Because the wind turbine adopts a two-stage structure, the constituent elements have four parts: wind driven generator, AC/DC rectifier, DC/AC inverter and filter, and by obtaining respective failure rate lambda of four parts of wind turbine generator _F1 、λ _F2 、λ _F3 、λ _F4 Repair rates were μ, respectively _F1 、μ _F2 、μ _F3 Sum mu _F4 And then the state space method is utilized, and the equivalent failure rate formula lambda is utilized _F ＝λ _F1 +λ _F2 +λ _F3 +λ _F4 And equivalent repair rate formula

Obtaining the equivalent failure rate lambda of the whole wind turbine generator _F (times/year) and equivalent repair rate mu _F (times/hour);

reliability model of photovoltaic unit

Due to the photovoltaic unitsAdopts a double-stage structure, and the component elements have four parts: photovoltaic arrays, DC/DC converters, DC/AC inverters, and filters. By obtaining the respective failure rate lambda of the four parts of the photovoltaic unit _G1 、λ _G2 、λ _G3 、λ _G4 Repair rates were μ, respectively _G1 、μ _G2 、μ _G3 Sum mu _G4 And then the state space method is utilized, and the equivalent failure rate formula lambda is utilized _G ＝λ _G1 +λ _G2 +λ _G3 +λ _G4 And equivalent repair rate formula

Obtaining the integral equivalent failure rate lambda of the photovoltaic unit _G (times/year) and equivalent repair rate mu _G (times/hour).

5. The method for calculating the power supply reliability index of the highway self-consistent energy system according to claim 1, wherein the method comprises the following steps: the step 4 further comprises the following steps:

(1) constructing and establishing a power model of a supply side and a demand side of the highway self-consistent energy system;

(2) establishing a reliability parameter model of each component part of the expressway self-consistent energy system;

(3) simulation is carried out: setting the total years n=1000, the simulation start years mt=1, ht=0 of the simulation to represent the simulation starting from 0 hours up to 8760 hours;

(4) determining a failed element by the minimum normal operation time T1;

(5) determining a repair time T3 of the failed component with the failed running time T2+ and the failed equipment;

(6) in the HT-HT+T1+T2+T3 time period, carrying out power balance analysis on the system;

(7) advancing the simulation time to ht=ht+t ₁ +T ₂ +T ₃ If HT<8760, returning to step (3); otherwise, executing mt=mt+1; let T ₁ ＝min(T _i ) T is then ₁ The corresponding power supply i fails. T (T) _μj ＝-(lnx _j )/μ _j ，μ _j For repairing rate, x of faulty power supply element j _j To conform to 0-1 uniformly distributed random numbers, T _μj Is the sum of the repair time T3 of the equipment with the fault running time T2+ fault, T _i For each element i normal run time.

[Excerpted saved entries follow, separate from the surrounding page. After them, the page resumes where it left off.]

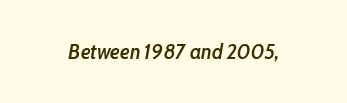
{"italic": "yes", "lean": "right", "slant_degrees": 10, "bold": "semi", "underline": "no", "letter_spacing": "normal", "letter_spacing_em": 0.0, "glyph_px": 21}
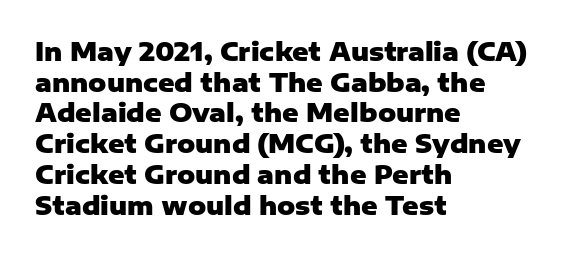
{"italic": "no", "bold": "yes", "underline": "no", "align": "left", "line_spacing_ratio": 1.23, "letter_spacing": "normal", "letter_spacing_em": 0.0, "glyph_px": 25}
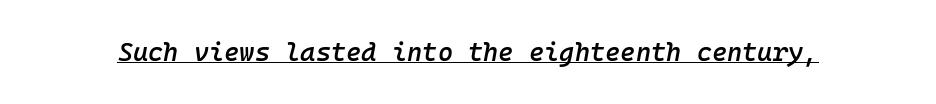
The image shows 26 px text type, italic (leaning right); set normal letter spacing, underlined.
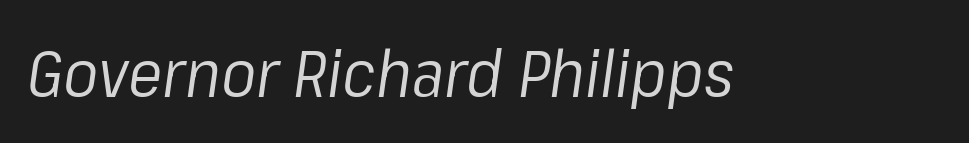
{"italic": "yes", "lean": "right", "slant_degrees": 8, "bold": "no", "weight": "regular", "width": "normal", "stroke_contrast": "low", "x_height": "medium", "monospaced": "no", "underline": "no", "letter_spacing": "normal", "letter_spacing_em": 0.0, "glyph_px": 65}
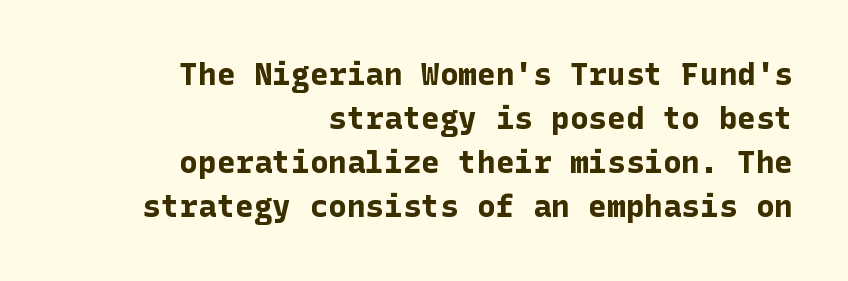
The image shows 31 px bold sans-serif type, upright; set right-aligned, normal line spacing (1.42x), normal letter spacing, not underlined; low stroke contrast and a medium x-height.
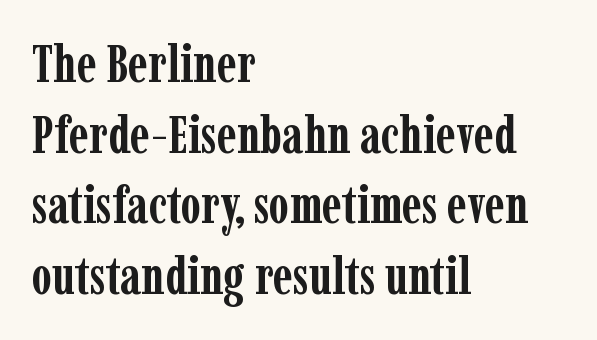
What stands out about the letter spacing? Nothing — it is the standard amount. The lettering holds an erect, upright posture throughout. What's the leading like? Ordinary, nothing unusual. Think of a printed novel: that variable character pitch is what you see here.
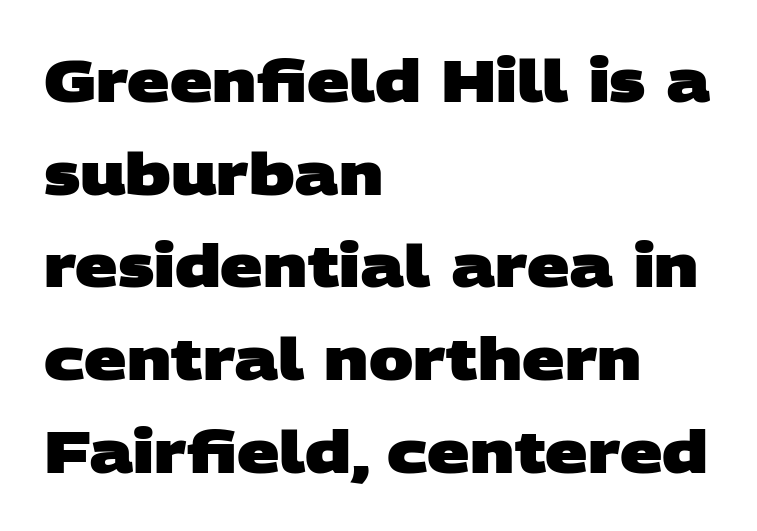
{"serif": "no", "bold": "yes", "weight": "heavy", "width": "wide", "stroke_contrast": "low", "x_height": "large", "monospaced": "no", "underline": "no", "align": "left", "line_spacing": "normal", "line_spacing_ratio": 1.57, "letter_spacing": "normal", "letter_spacing_em": 0.0, "glyph_px": 59}
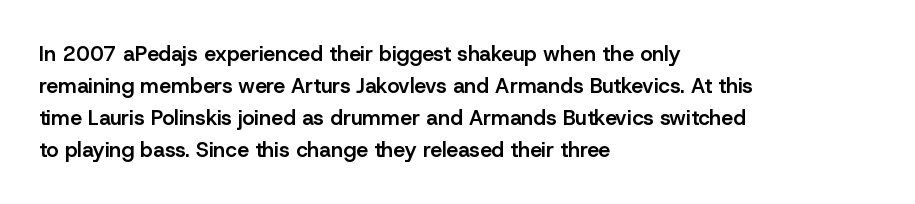
Q: Is the text bold? A: Semi-bold.
Q: Is the text italic (slanted)? A: No, it is upright.
Q: Is the text underlined? A: No.
Q: How is the paragraph aligned? A: Left-aligned.
Q: Is the spacing between letters normal or unusually wide? A: Normal.
Q: Is the spacing between lines tight, normal or loose? A: Normal.
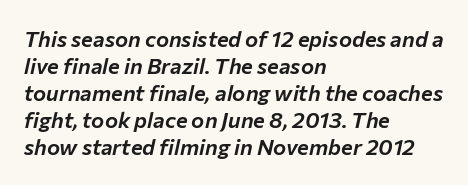
Q: Is the text italic (slanted)? A: Yes, it leans right by about 12 degrees.
Q: Is the text underlined? A: No.
Q: How is the paragraph aligned? A: Left-aligned.
Q: Is the spacing between letters normal or unusually wide? A: Normal.
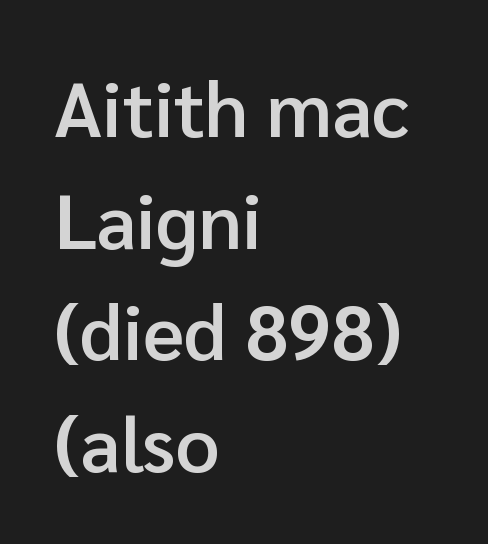
Do the letters lean? They stand straight. Horizontal bands of white between lines are of average thickness. Visually the block forms a straight wall on the left and a jagged coastline on the right. Between one letter and the next there's only the usual sliver of space. A clean baseline with only descenders dipping below it. I'd call this a sans setting — the letters go barefoot.
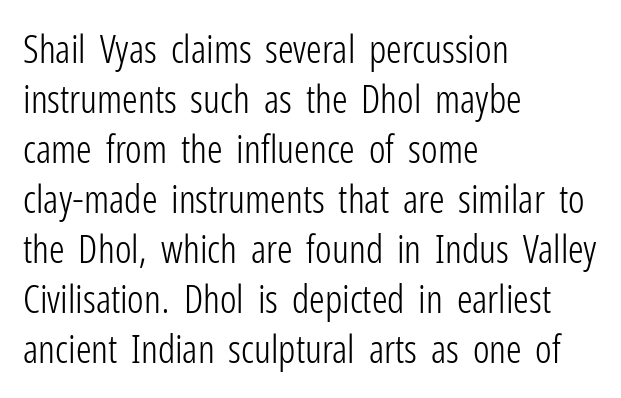
The image shows 39 px light, condensed sans-serif type, upright; set left-aligned, normal line spacing (1.28x), normal letter spacing, not underlined; low stroke contrast and a medium x-height.
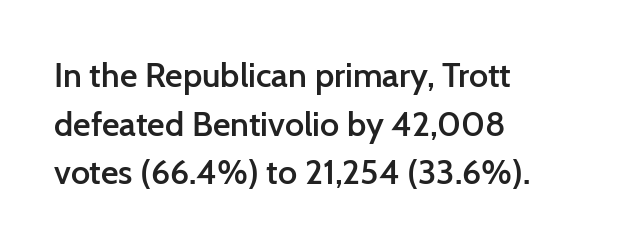
Does the type have serifs? No, each stem ends abruptly. This is the in-between weight designers call semibold or demi. This rendering features lettering with no underline. Is there any slant? The stems are plumb. Note the varied advance widths — an 'i' is clearly narrower than an 'm'.
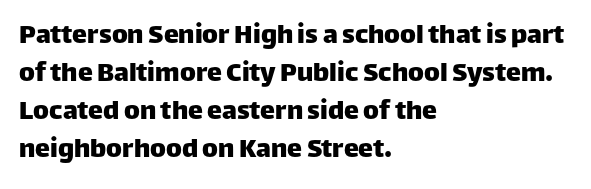
Line starts are locked; line ends wander. The letters advance in unequal steps, a hallmark of proportional type. A clean baseline with only descenders dipping below it. Letterform terminals end flat and unadorned throughout the passage. You can tell it's not italic because the verticals are truly vertical. Notice how descenders clear the ascenders below comfortably — that's standard leading.

(8) And when MT is less than or equal to N, reading 7680h data of a second group of wind-light load, returning to the step (3), and performing fault simulation of the next year.

6. A highway self-consistent energy system is characterized in that: the system comprises a non-volatile storage medium comprising a stored program, wherein the program when run controls a device in which the non-volatile storage medium is located to perform the method of claim 1.

7. An electronic device comprising a processor and a memory; the memory has stored therein computer readable instructions for execution by the processor, wherein the computer readable instructions when executed perform the method of claim 1.